Description of the task. What you print should match the entries exactly, only without the pictures.

======== Provided information ========

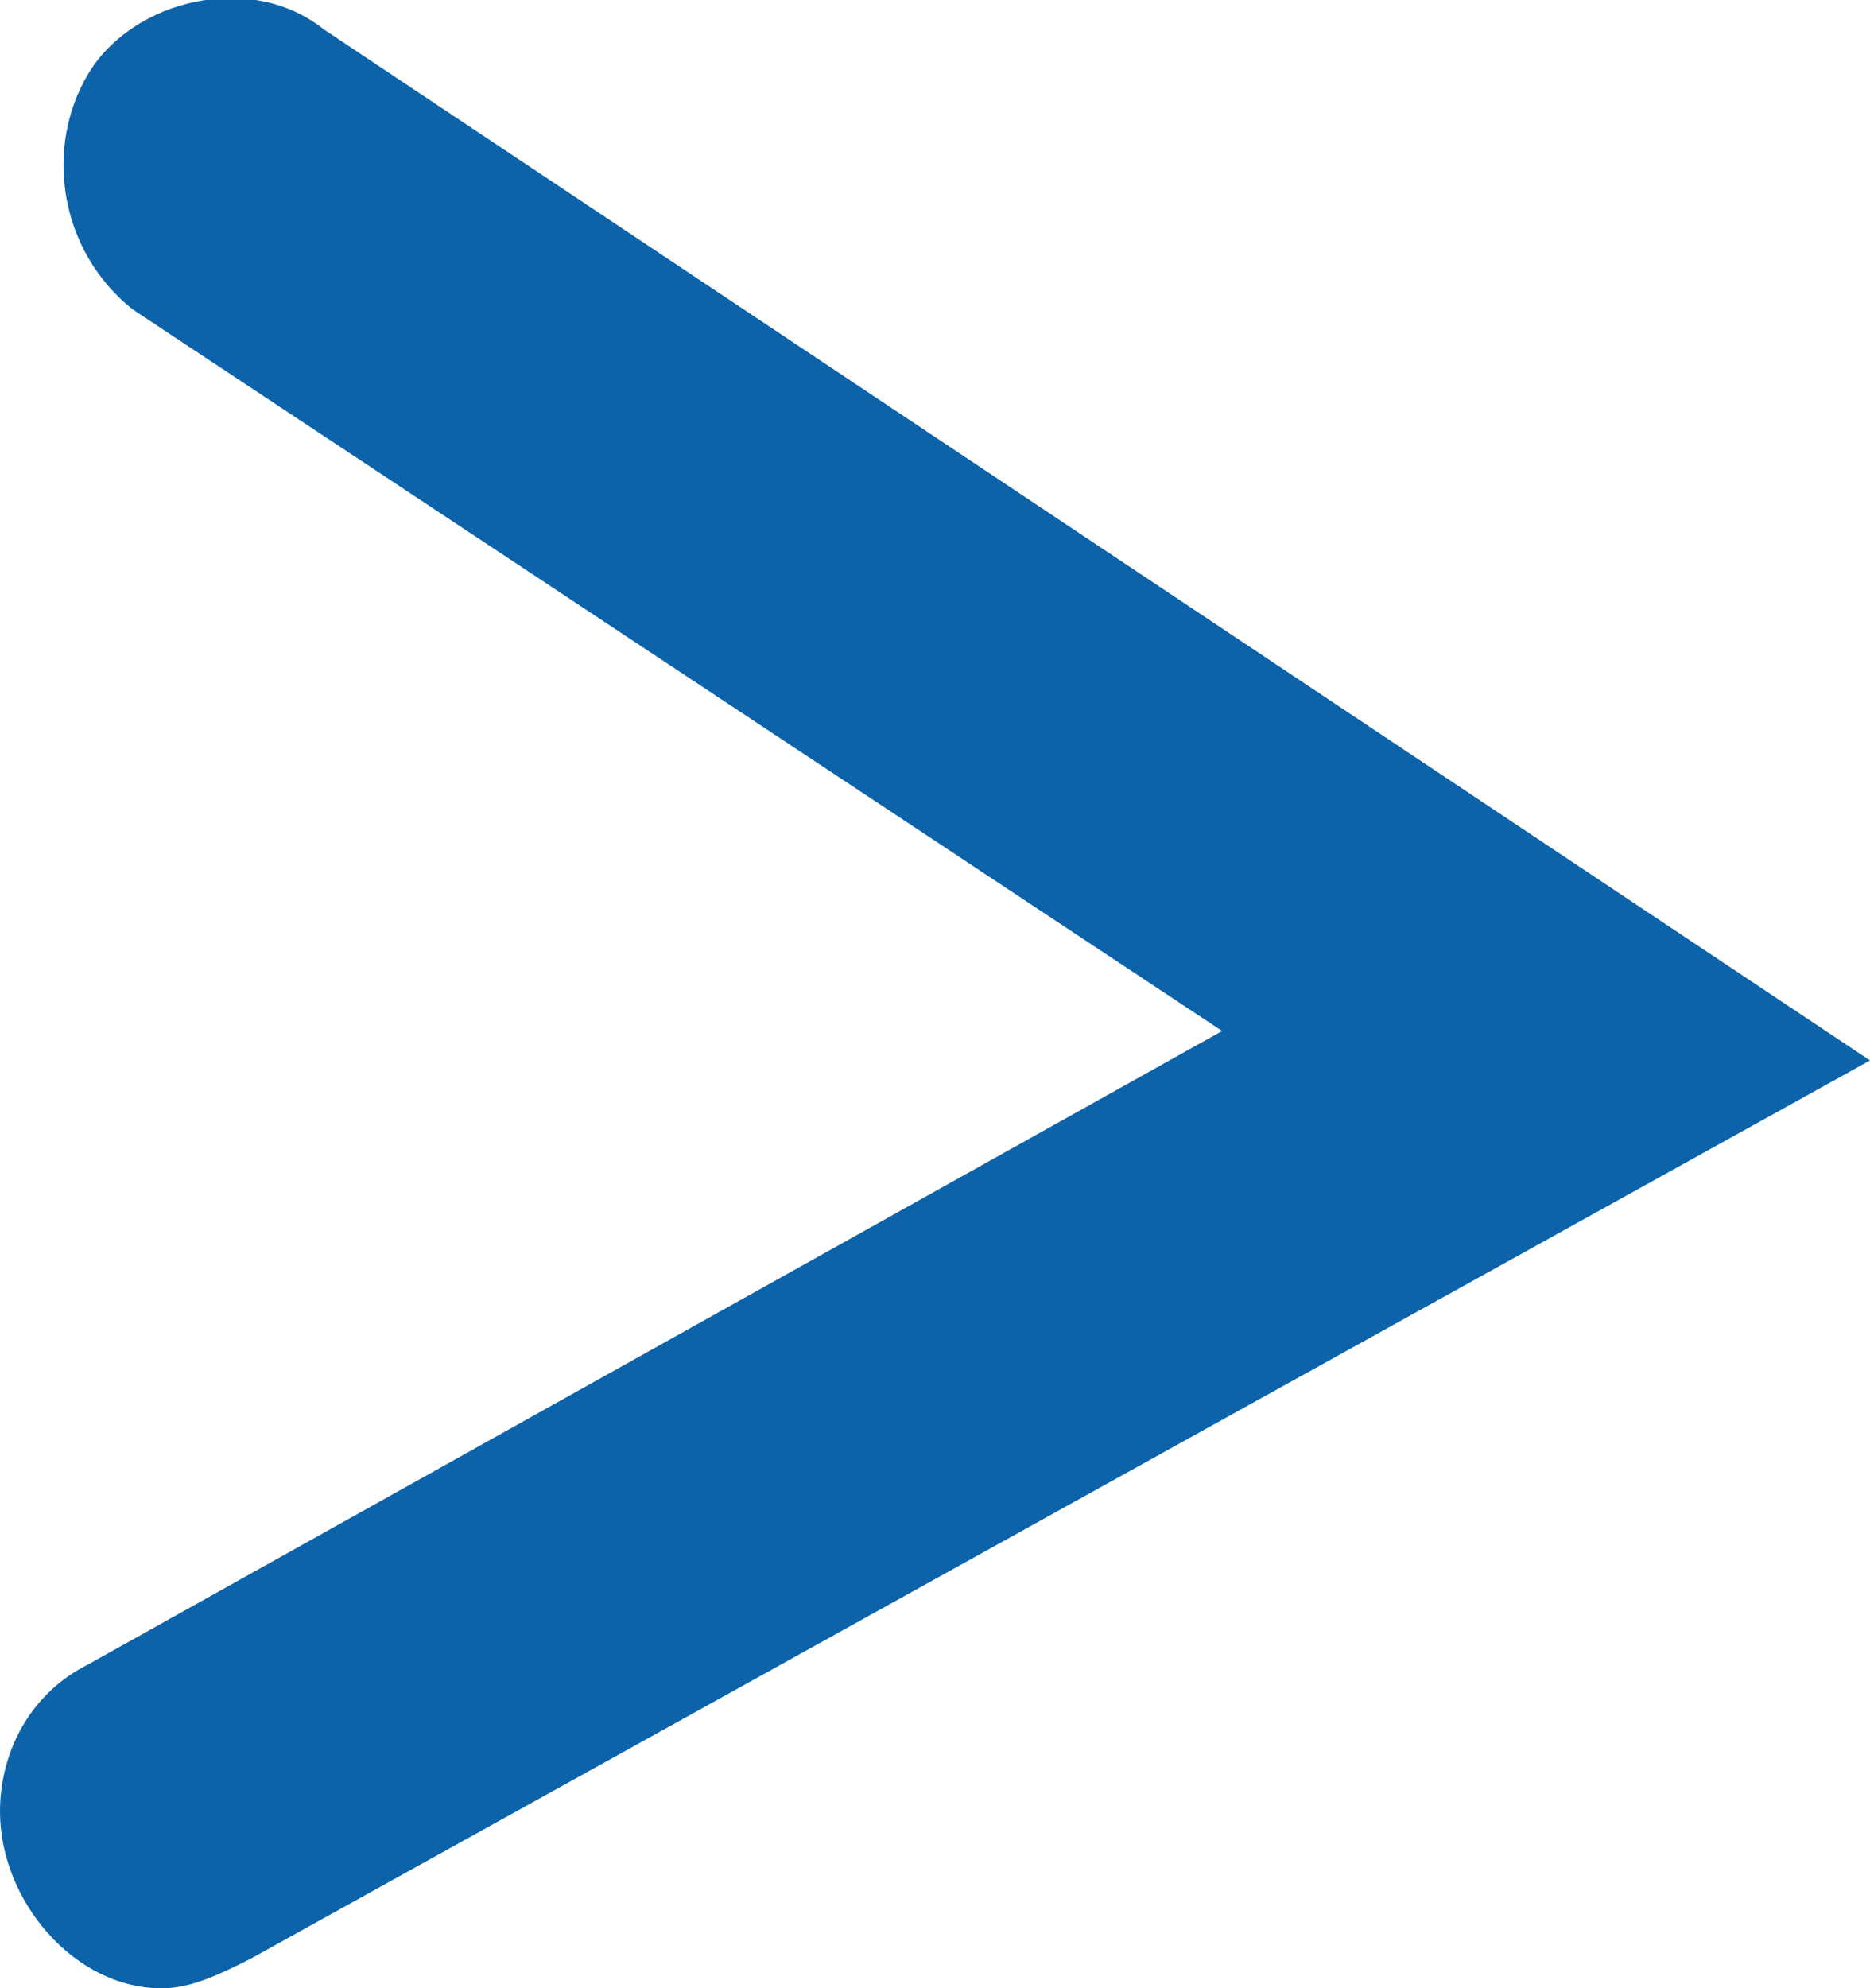 <?xml version="1.0" encoding="utf-8"?>
<!-- Generator: Adobe Illustrator 27.8.1, SVG Export Plug-In . SVG Version: 6.00 Build 0)  -->
<svg version="1.1" id="_レイヤー_2" xmlns="http://www.w3.org/2000/svg" xmlns:xlink="http://www.w3.org/1999/xlink" x="0px"
	 y="0px" viewBox="0 0 12.7 13.5" style="enable-background:new 0 0 12.7 13.5;" xml:space="preserve">
<style type="text/css">
	.st0{fill:#0D63A9;}
</style>
<g id="_レイヤー_5">
	<path class="st0" d="M1.1,13.5c-0.6,0-1.1-0.6-1.1-1.2c0-0.4,0.2-0.8,0.6-1L8.3,7L0.9,2.1C0.4,1.7,0.3,1,0.6,0.5s1.1-0.7,1.6-0.3
		l10.5,7l-11,6.1C1.5,13.4,1.3,13.5,1.1,13.5L1.1,13.5z"/>
</g>
</svg>

========

Finished exercise.
 <?xml version="1.0" encoding="utf-8"?>
<!-- Generator: Adobe Illustrator 27.8.1, SVG Export Plug-In . SVG Version: 6.00 Build 0)  -->
<svg version="1.1" id="_レイヤー_2" xmlns="http://www.w3.org/2000/svg" xmlns:xlink="http://www.w3.org/1999/xlink" x="0px"
	 y="0px" viewBox="0 0 12.7 13.5" style="enable-background:new 0 0 12.7 13.5;" xml:space="preserve">
<style type="text/css">
	.st0{fill:#0D63A9;}
</style>
<g id="_レイヤー_5">
	<path class="st0" d="M1.1,13.5c-0.6,0-1.1-0.6-1.1-1.2c0-0.4,0.2-0.8,0.6-1L8.3,7L0.9,2.1C0.4,1.7,0.3,1,0.6,0.5s1.1-0.7,1.6-0.3
		l10.5,7l-11,6.1C1.5,13.4,1.3,13.5,1.1,13.5L1.1,13.5z"/>
</g>
</svg>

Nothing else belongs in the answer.